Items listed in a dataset
---
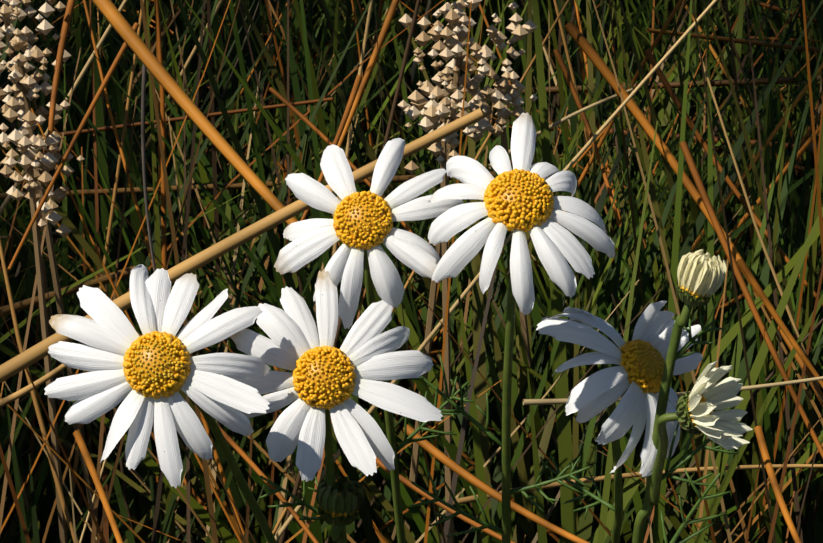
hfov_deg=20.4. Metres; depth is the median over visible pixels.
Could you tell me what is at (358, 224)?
daisy
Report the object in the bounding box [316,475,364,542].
bud
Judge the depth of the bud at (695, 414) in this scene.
0.42 m
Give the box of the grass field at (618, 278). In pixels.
[0,0,822,542]
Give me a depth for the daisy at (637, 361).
0.44 m
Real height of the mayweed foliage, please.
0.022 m
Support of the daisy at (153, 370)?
on the ground
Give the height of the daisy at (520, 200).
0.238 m
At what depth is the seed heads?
0.69 m
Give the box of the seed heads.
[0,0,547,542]
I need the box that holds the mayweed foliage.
[660,469,730,542]
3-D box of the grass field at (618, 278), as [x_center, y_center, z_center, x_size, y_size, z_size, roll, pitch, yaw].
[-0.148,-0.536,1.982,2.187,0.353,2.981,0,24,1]
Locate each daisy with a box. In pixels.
[44,264,276,542]
[220,269,442,542]
[274,138,474,542]
[407,113,614,542]
[536,301,702,542]
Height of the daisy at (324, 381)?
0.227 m
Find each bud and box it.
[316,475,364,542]
[632,249,743,542]
[649,360,752,505]
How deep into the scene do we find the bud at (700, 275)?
0.43 m

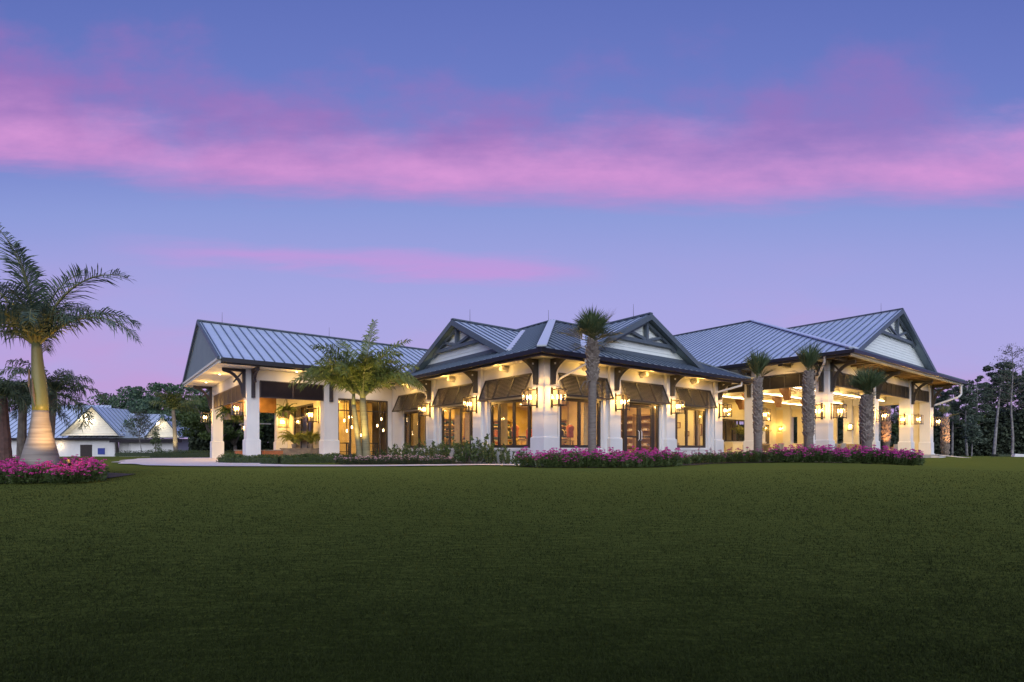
---
- [ABOUT THIS TASK]
The data above should be set down again exactly, with the pictures omitted.

- [SOLUTION FOR THIS TASK]
hfov_deg=20.4. Metres; depth is the median over visible pixels.
Could you tell me what is at (358, 224)?
daisy
Report the object in the bounding box [316,475,364,542].
bud
Judge the depth of the bud at (695, 414) in this scene.
0.42 m
Give the box of the grass field at (618, 278). In pixels.
[0,0,822,542]
Give me a depth for the daisy at (637, 361).
0.44 m
Real height of the mayweed foliage, please.
0.022 m
Support of the daisy at (153, 370)?
on the ground
Give the height of the daisy at (520, 200).
0.238 m
At what depth is the seed heads?
0.69 m
Give the box of the seed heads.
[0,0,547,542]
I need the box that holds the mayweed foliage.
[660,469,730,542]
3-D box of the grass field at (618, 278), as [x_center, y_center, z_center, x_size, y_size, z_size, roll, pitch, yaw].
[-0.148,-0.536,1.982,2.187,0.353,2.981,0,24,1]
Locate each daisy with a box. In pixels.
[44,264,276,542]
[220,269,442,542]
[274,138,474,542]
[407,113,614,542]
[536,301,702,542]
Height of the daisy at (324, 381)?
0.227 m
Find each bud and box it.
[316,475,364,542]
[632,249,743,542]
[649,360,752,505]
How deep into the scene do we find the bud at (700, 275)?
0.43 m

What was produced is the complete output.